[Records excerpted from a collection]
#####

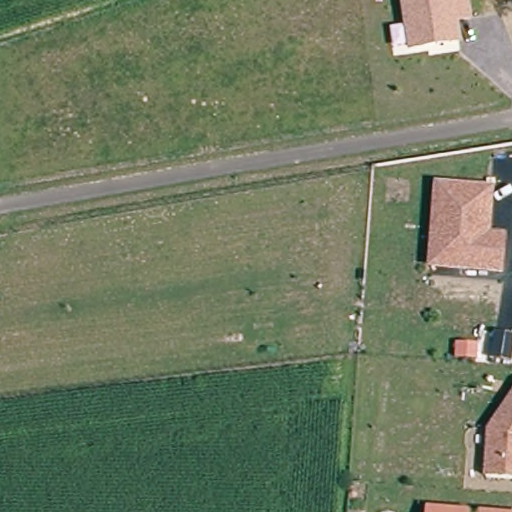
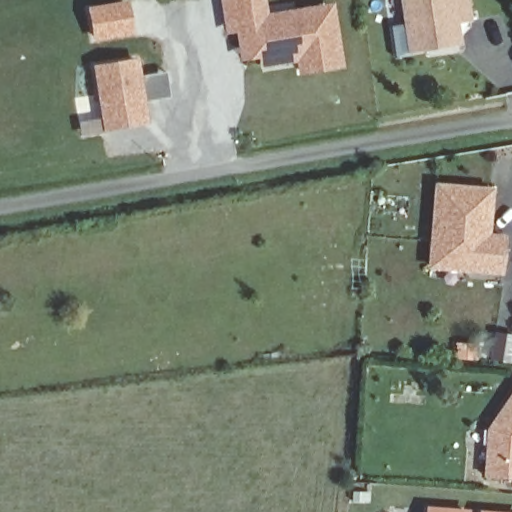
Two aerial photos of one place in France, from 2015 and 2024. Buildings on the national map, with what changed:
new [(118,0),(130,0),(136,35),(91,42),(85,6),(118,0)]
new [(297,75),(295,63),(258,68),(257,59),(239,61),(235,33),(225,35),(219,0),(266,0),(268,13),(333,3),(345,67),(297,75)]
unchanged [(472,20),(457,23),(460,43),(413,50),(406,0),(470,0),(472,20)]
new [(103,132),(92,67),(138,57),(141,77),(166,72),(170,97),(145,101),(148,124),(103,132)]
unchanged [(433,248),(438,185),(492,189),(488,235),(504,236),(502,271),(485,270),(431,266),(433,248)]
unchanged [(469,374),(448,373),(449,359),(470,360),(469,374)]
unchanged [(482,430),(512,386),(512,480),(479,478),(482,430)]
unchanged [(442,512),(427,512),(427,511),(442,512)]

#####

Exercise brief:
Write the records out once more, exactly as they appear, with no pictures.

Solved problem:
Two aerial photos of one place in France, from 2015 and 2024. Buildings on the national map, with what changed:
new [(118,0),(130,0),(136,35),(91,42),(85,6),(118,0)]
new [(297,75),(295,63),(258,68),(257,59),(239,61),(235,33),(225,35),(219,0),(266,0),(268,13),(333,3),(345,67),(297,75)]
unchanged [(472,20),(457,23),(460,43),(413,50),(406,0),(470,0),(472,20)]
new [(103,132),(92,67),(138,57),(141,77),(166,72),(170,97),(145,101),(148,124),(103,132)]
unchanged [(433,248),(438,185),(492,189),(488,235),(504,236),(502,271),(485,270),(431,266),(433,248)]
unchanged [(469,374),(448,373),(449,359),(470,360),(469,374)]
unchanged [(482,430),(512,386),(512,480),(479,478),(482,430)]
unchanged [(442,512),(427,512),(427,511),(442,512)]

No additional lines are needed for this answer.